Thanks, Gilles, this is great research!
The lack of effectiveness of the pre-rendering and the negative impact of Varnish misses seem like really important discoveries, and can inform our plans for improving Media Viewer performance over time.
If 17% of image requests in Media Viewer are indeed Varnish misses, it would make sense to investigate a practical solution for this issue. We still get user feedback that some images take a long time to load, and the ~8-second average load time for the 95th percentile (1) seems to confirm that performance can be sluggish for many of our users.

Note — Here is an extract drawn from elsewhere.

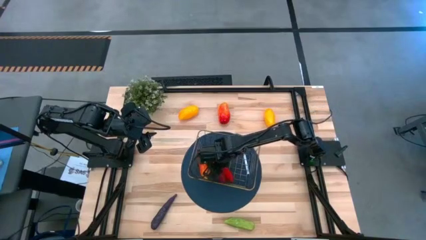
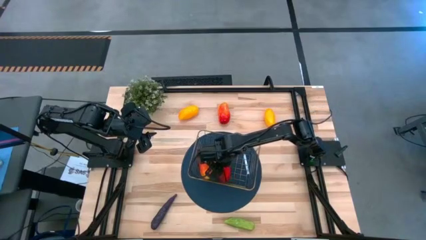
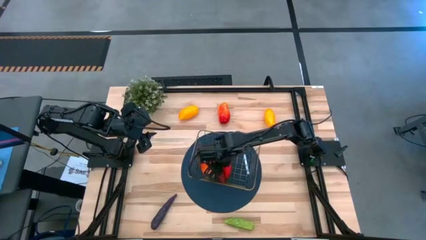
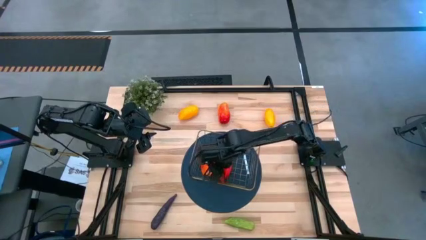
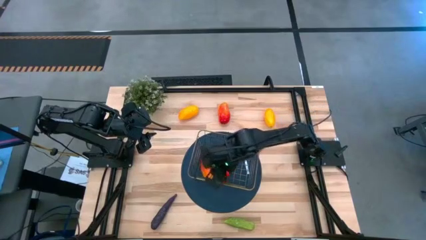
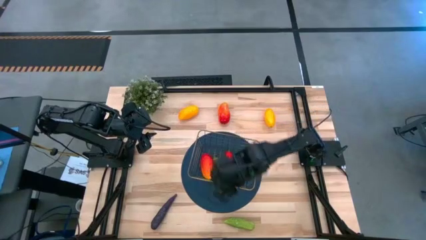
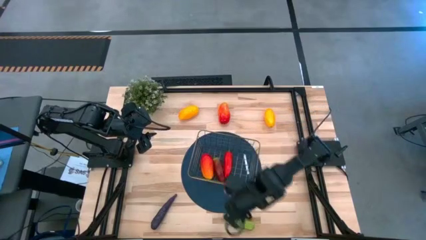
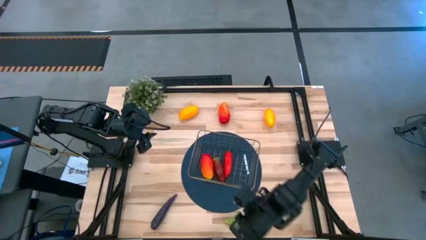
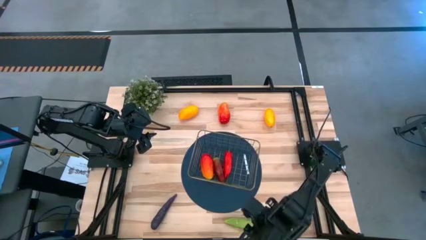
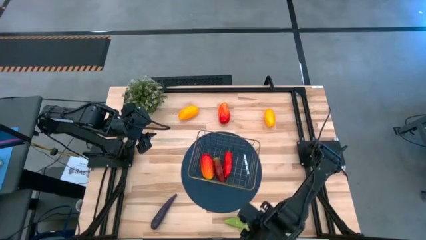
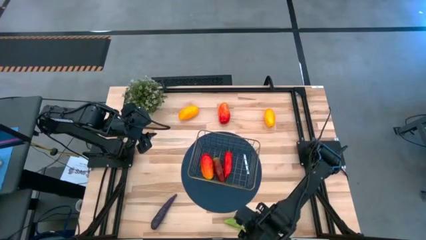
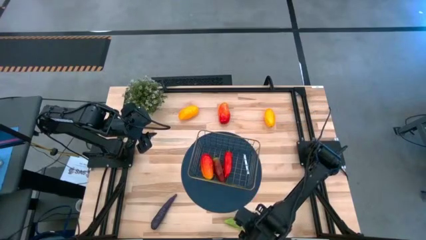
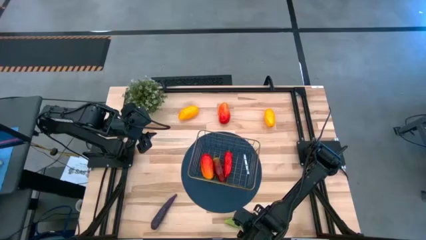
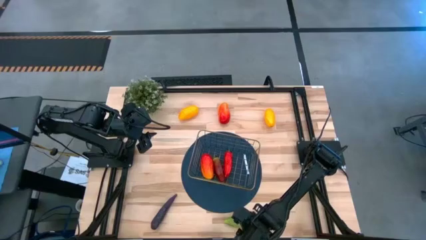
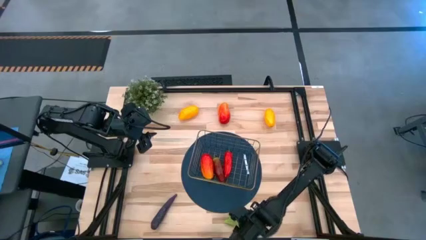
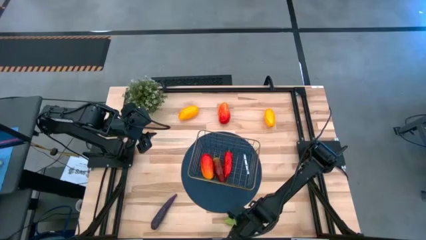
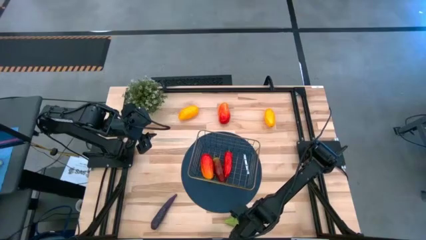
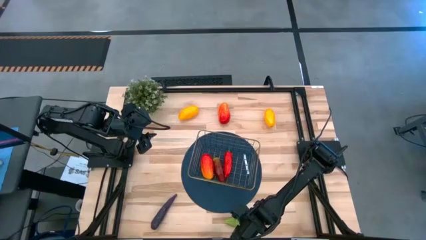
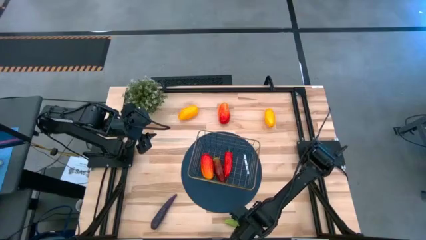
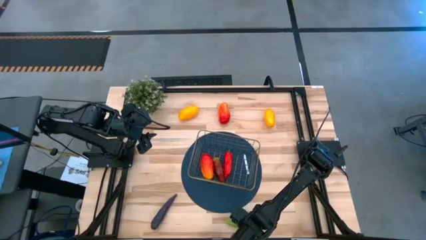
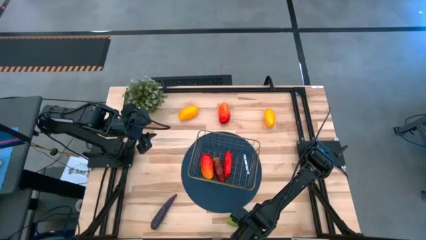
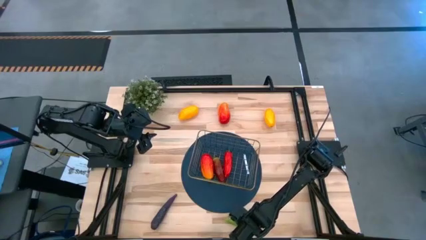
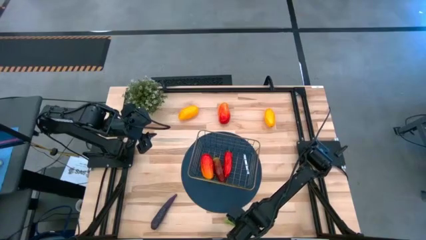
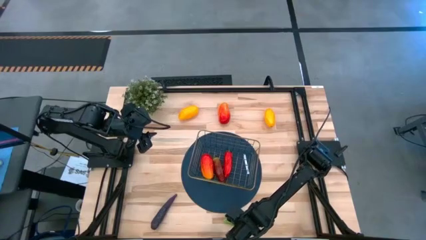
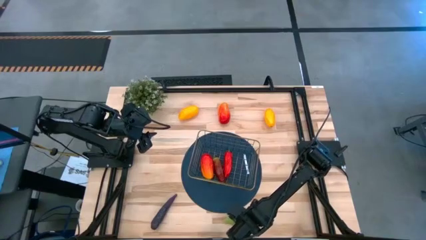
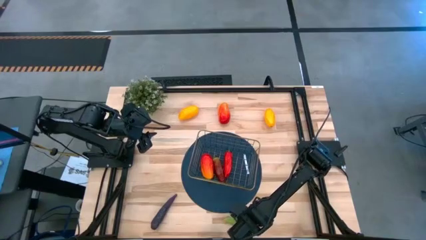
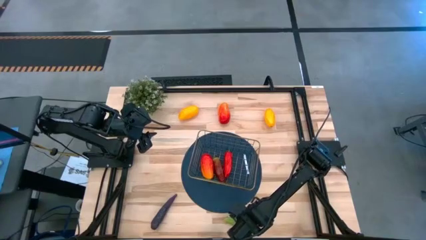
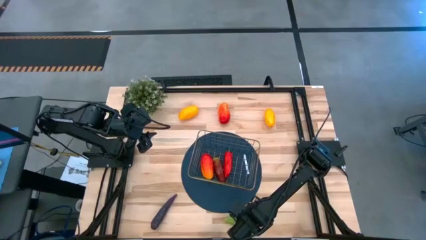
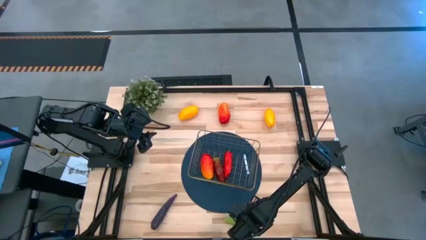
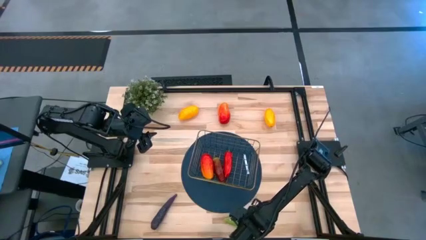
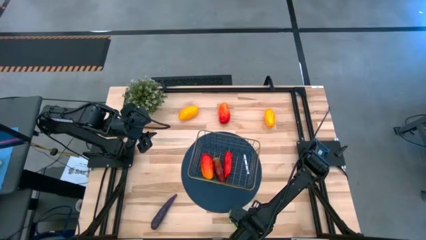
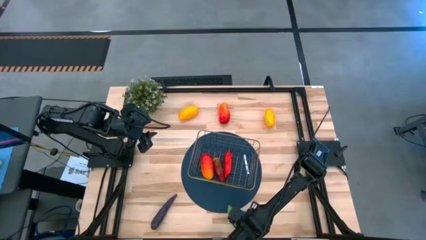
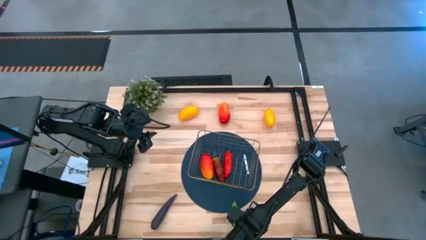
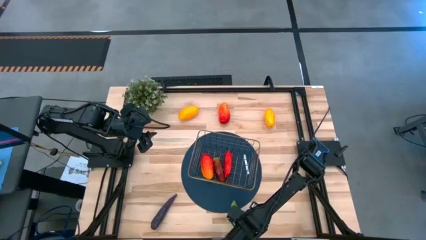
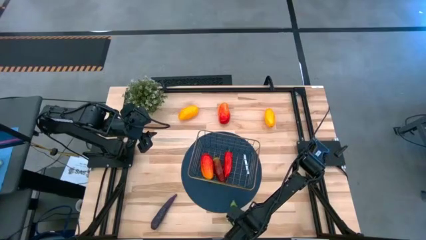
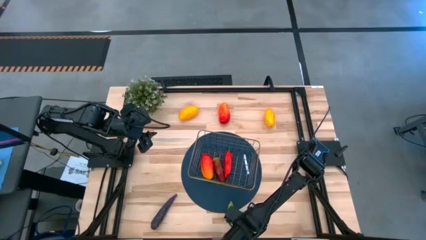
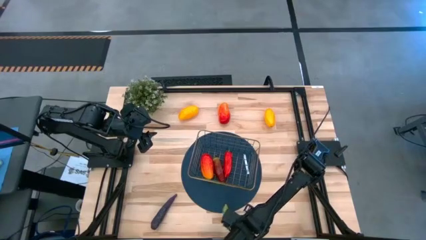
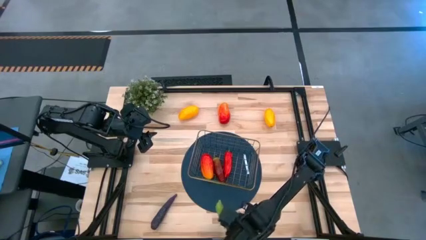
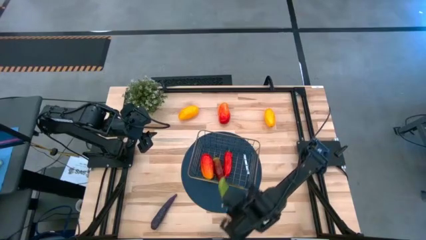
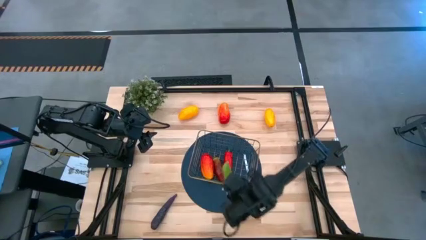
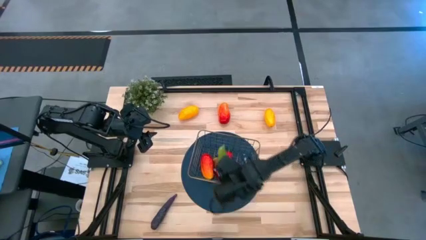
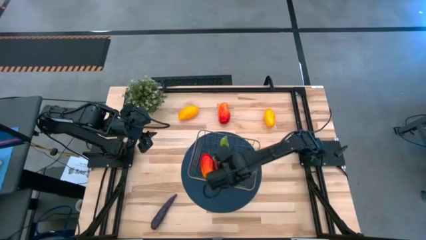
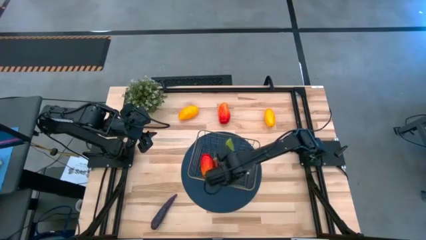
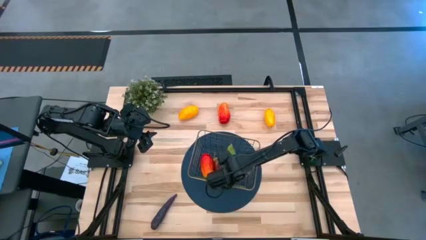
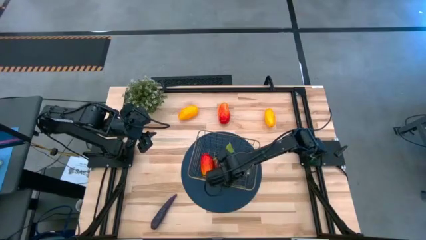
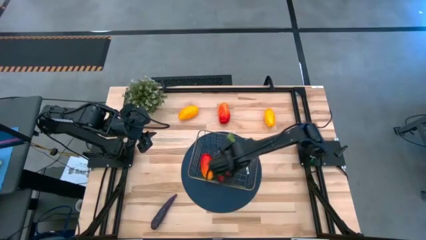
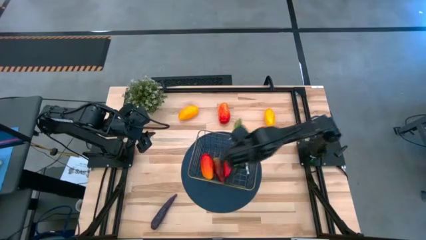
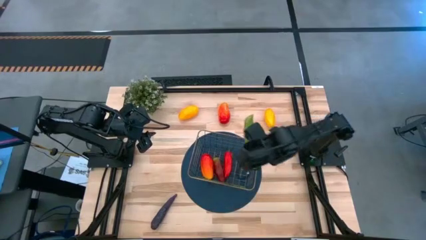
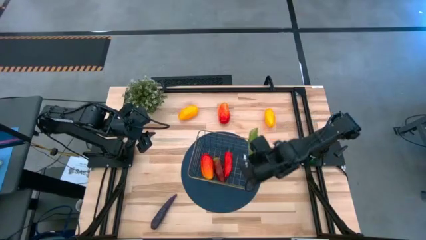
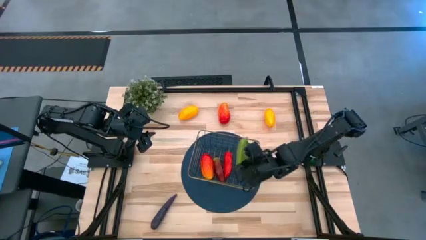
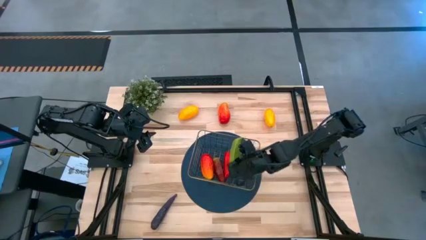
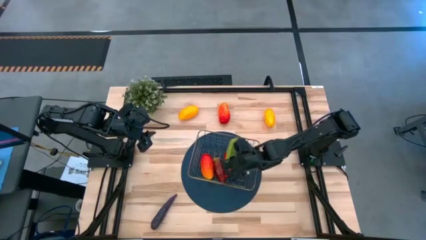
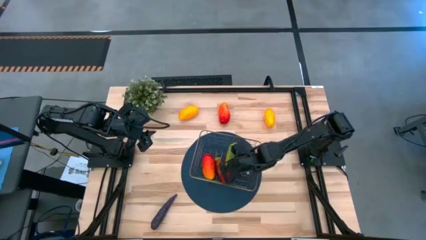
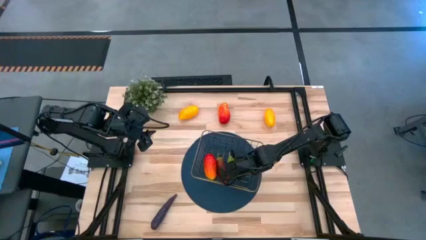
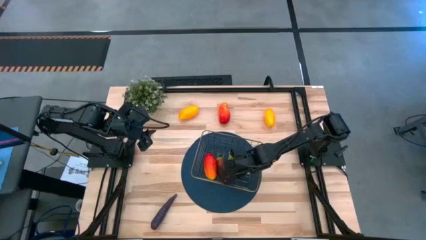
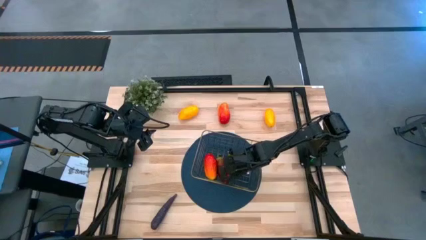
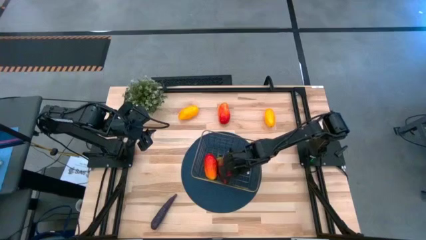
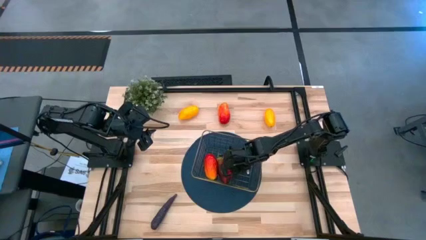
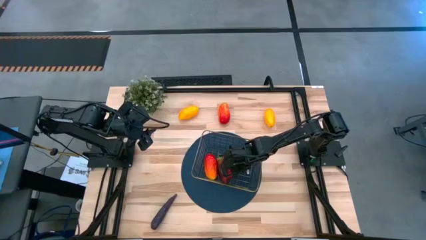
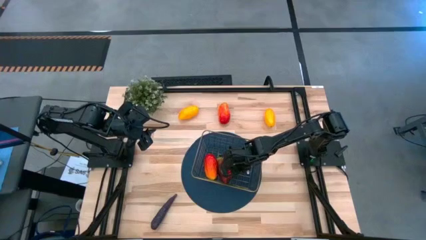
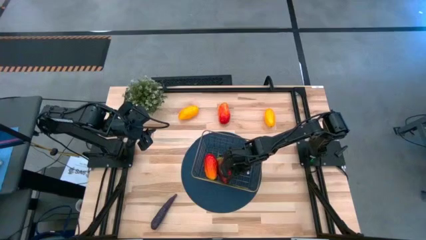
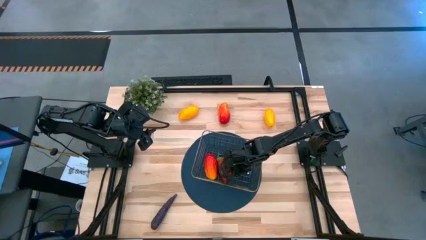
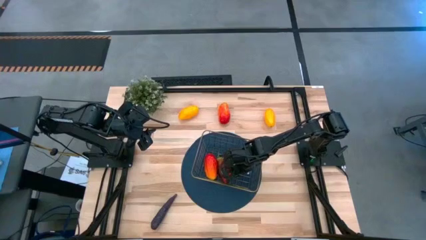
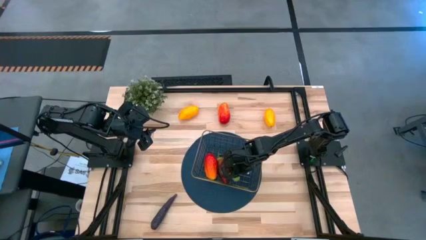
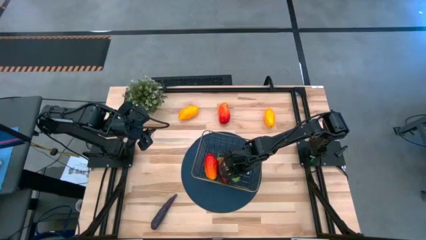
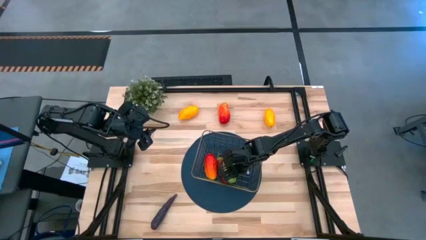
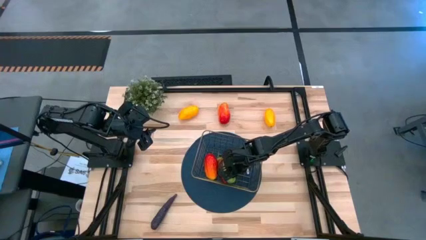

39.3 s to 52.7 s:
Task: Build produce basket
Put the cucumber into the gold wire basket

Do we know what it would take to increase the expiry value in Varnish and/or increase Varnish capacity? What kind of costs would we be looking at to improve performance a notch? Is this largely a matter of getting more machines to keep more images in Varnish?
As discussed, I would also be happy to reach out to our friends at Flickr to ask them how they address these issues, as a large dedicated photo sharing site -- and to see if our metrics match their own. It would be good to compare notes with them anyway, if they’re interested (we could even arrange a quick visit to their office, which is only a couple blocks from us, while you’re in town).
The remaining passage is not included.